Reading Guide for The Black Book of Colors 

by Elisa Amado and illustrated by Rosana Faria

This book explores the world of color through the sense of smell, taste, hearing and touch. It challenges children to see with their eyes closed and provides young readers an opportunity to build their descriptive language vocabulary. This picture book invites all readers to learn to read using their fingers through raised lines and Braille.  

Before Reading

Explain that in this book, Thomas describes how colors taste, touch, feel, and sound because he cannot see.  If needed, explain to your child what blindness is. Ask, “What can you describe with your eyes closed?”

As You Read

Vocabulary Development: Encourage your child to stop when s/he gets to an unfamiliar word in the story.  See if s/he can discover its meaning by using the illustrations and the words surrounding it.

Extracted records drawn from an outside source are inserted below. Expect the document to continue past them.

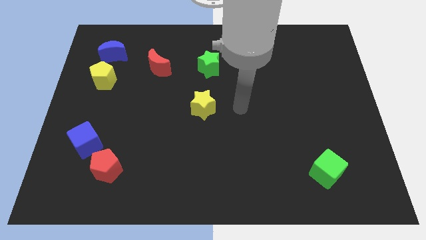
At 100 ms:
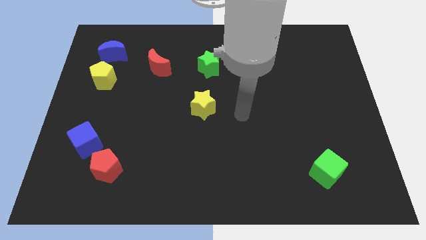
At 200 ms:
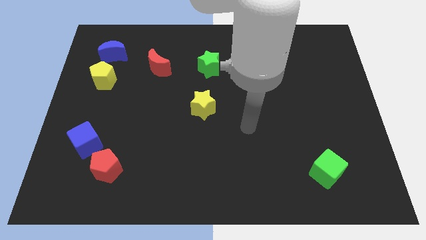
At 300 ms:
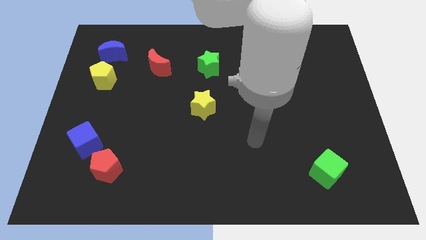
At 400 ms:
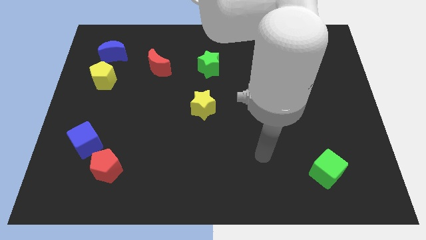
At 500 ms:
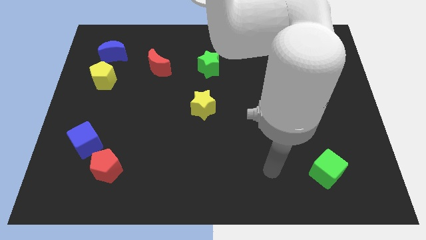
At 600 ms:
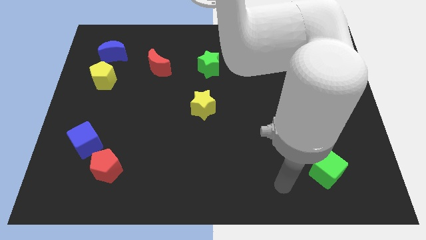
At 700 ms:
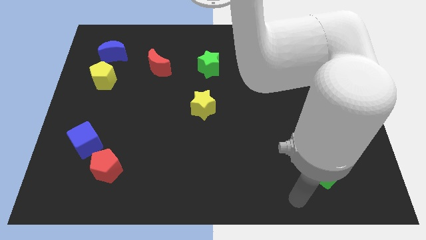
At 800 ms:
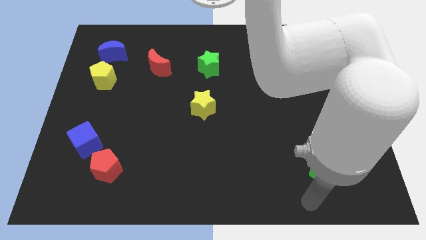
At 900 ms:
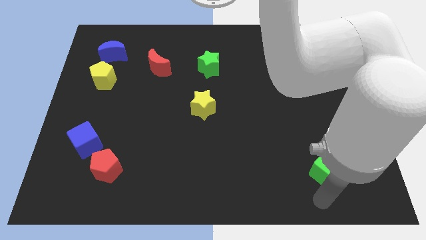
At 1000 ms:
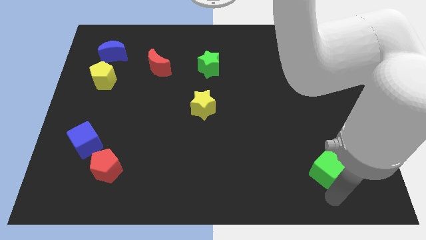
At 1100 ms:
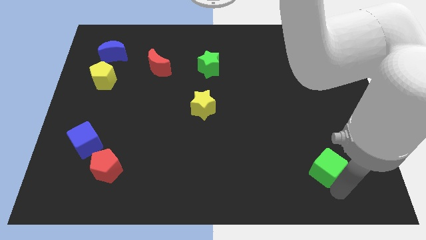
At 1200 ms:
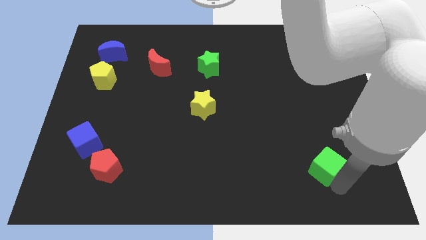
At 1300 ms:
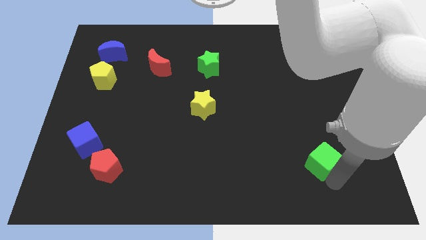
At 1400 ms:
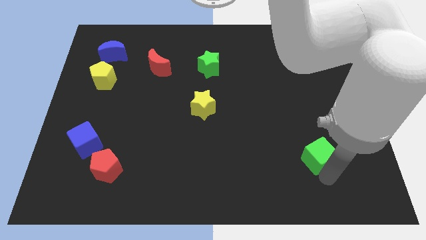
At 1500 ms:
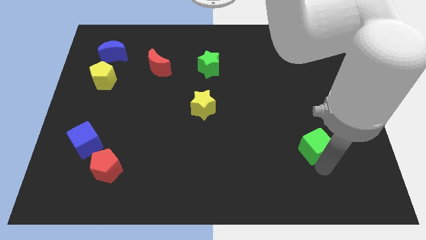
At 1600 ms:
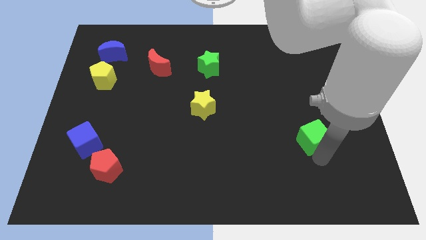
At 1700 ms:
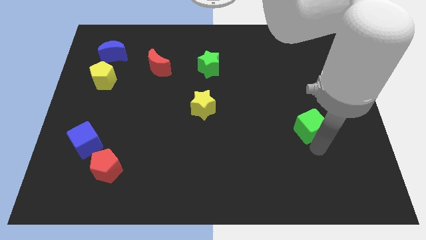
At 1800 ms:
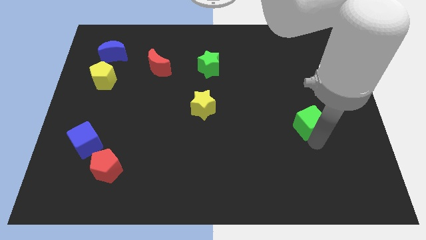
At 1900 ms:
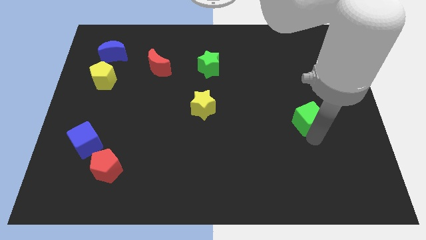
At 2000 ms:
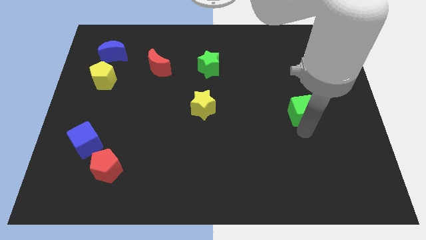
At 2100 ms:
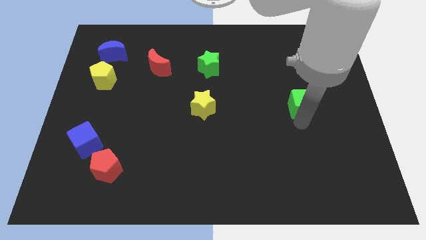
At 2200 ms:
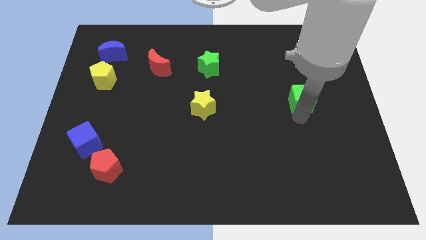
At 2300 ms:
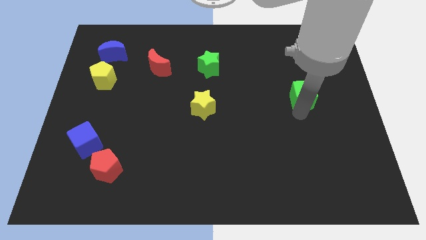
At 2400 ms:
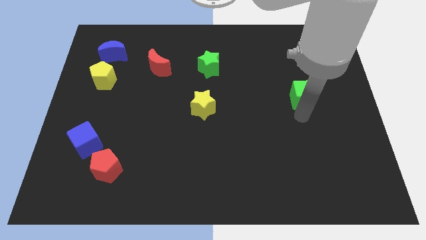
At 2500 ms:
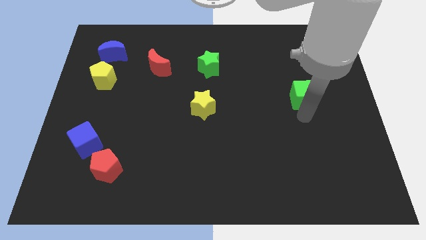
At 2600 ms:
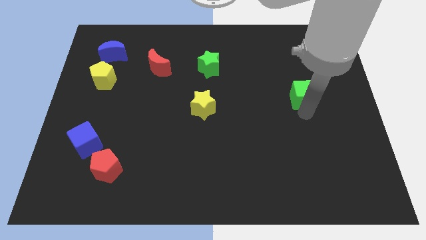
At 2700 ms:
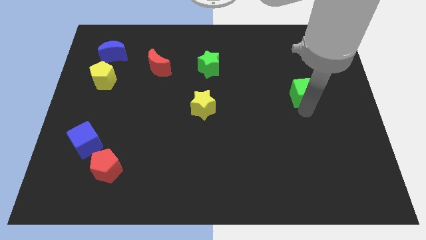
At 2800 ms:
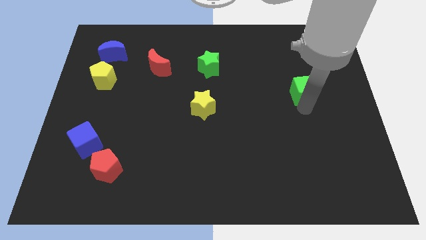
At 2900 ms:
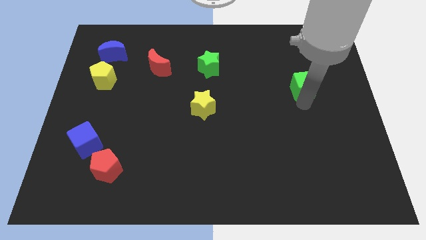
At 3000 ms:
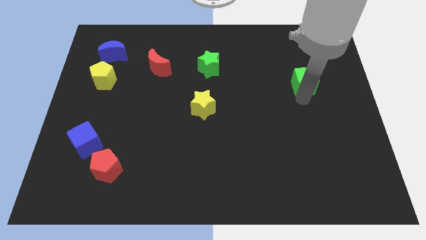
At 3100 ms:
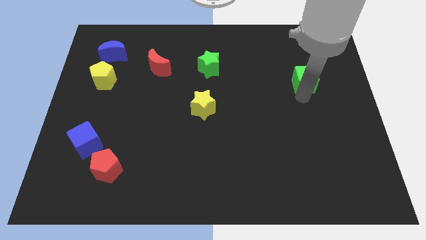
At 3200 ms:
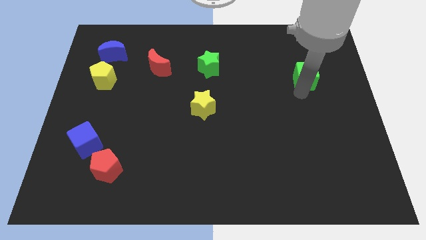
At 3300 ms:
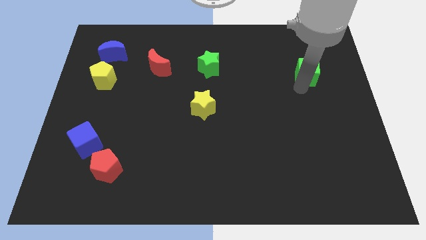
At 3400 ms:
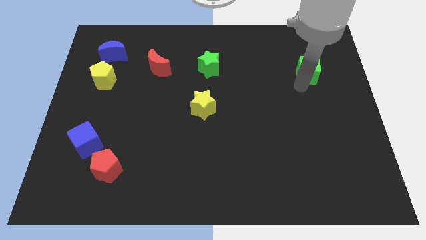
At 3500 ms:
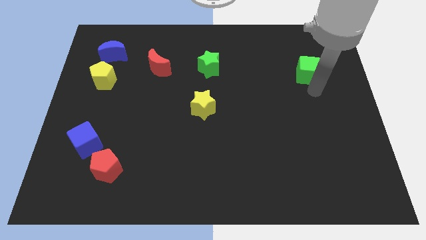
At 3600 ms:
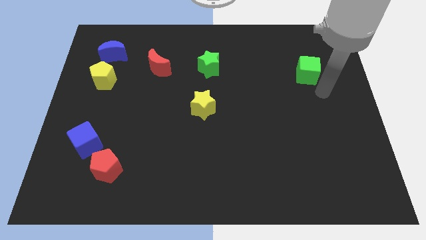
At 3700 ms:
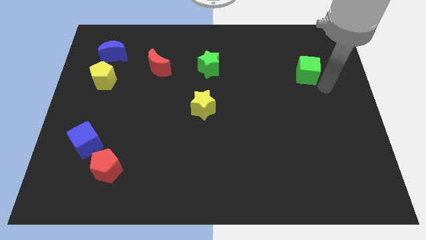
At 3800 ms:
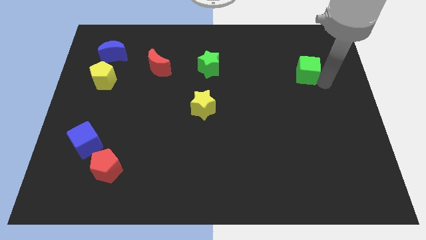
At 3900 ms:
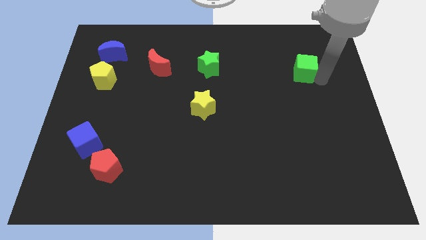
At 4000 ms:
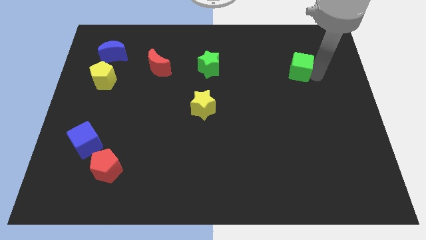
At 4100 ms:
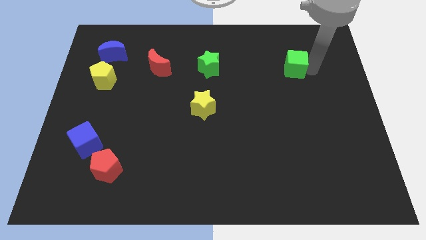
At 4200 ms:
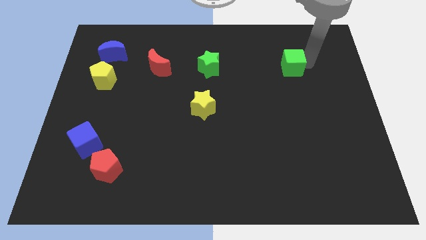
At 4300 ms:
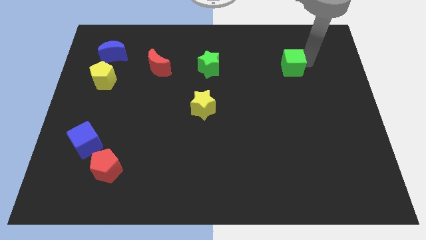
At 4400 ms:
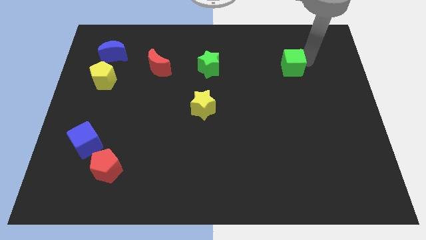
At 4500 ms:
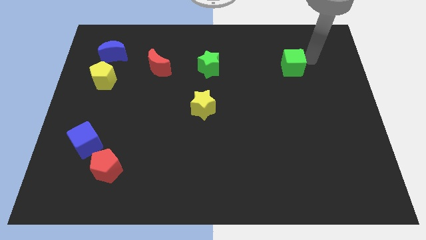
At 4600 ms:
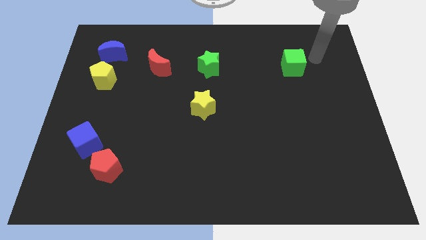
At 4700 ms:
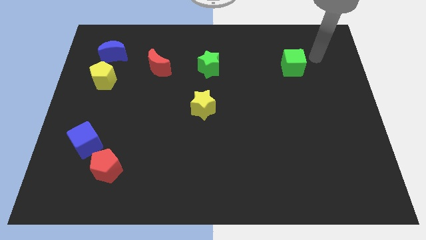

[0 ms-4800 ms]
move the green cube towards top side of the board

Examples of vocabulary words from The Black Book of Colors:

  1. Braille
  2. Unripe
  3. Scraped

Thomas describes each color with his eyes closed.  Tell your child, “After we read each sentence, feel the illustration and tell me all about what you feel.”  

After Reading

Ask your child the following questions after finishing to further explore their understanding of the book:

  1. How do you think Thomas is able to describe what he sees if his eyes are closed?
  2. Thomas used many descriptive words to help us create an image in our minds.  What adjectives do you remember? Let’s re-read, and list the adjectives we see.  Let’s read the list of adjectives we found while reading. With each color, also add your own adjectives.  Note: For younger children, just going back and revisiting one or two colors and emphasizing the words used to describe them will be valuable to your child.
  3. Why does Thomas like all of the colors?
  4. Which colors are your favorites? Why?

Activity

Materials Needed: Scarf or Bandana, Anything Edible!

Give your child an edible item to hold. Ask them to smell, taste, touch, and listen to the item with their eyes closed.  Or, if they’ll be okay with it, try using a bandana or scarf as a blindfold.

Discuss with your child, “Thomas describes colors by using his 5 senses. Use your 5 senses to write or draw a description of the item you are holding. Count the number of descriptive words you used.” For younger children, ask them to tell you all of the things they think of when they taste, touch, and smell this item.  Let them dictate words to you, then read them back to your child.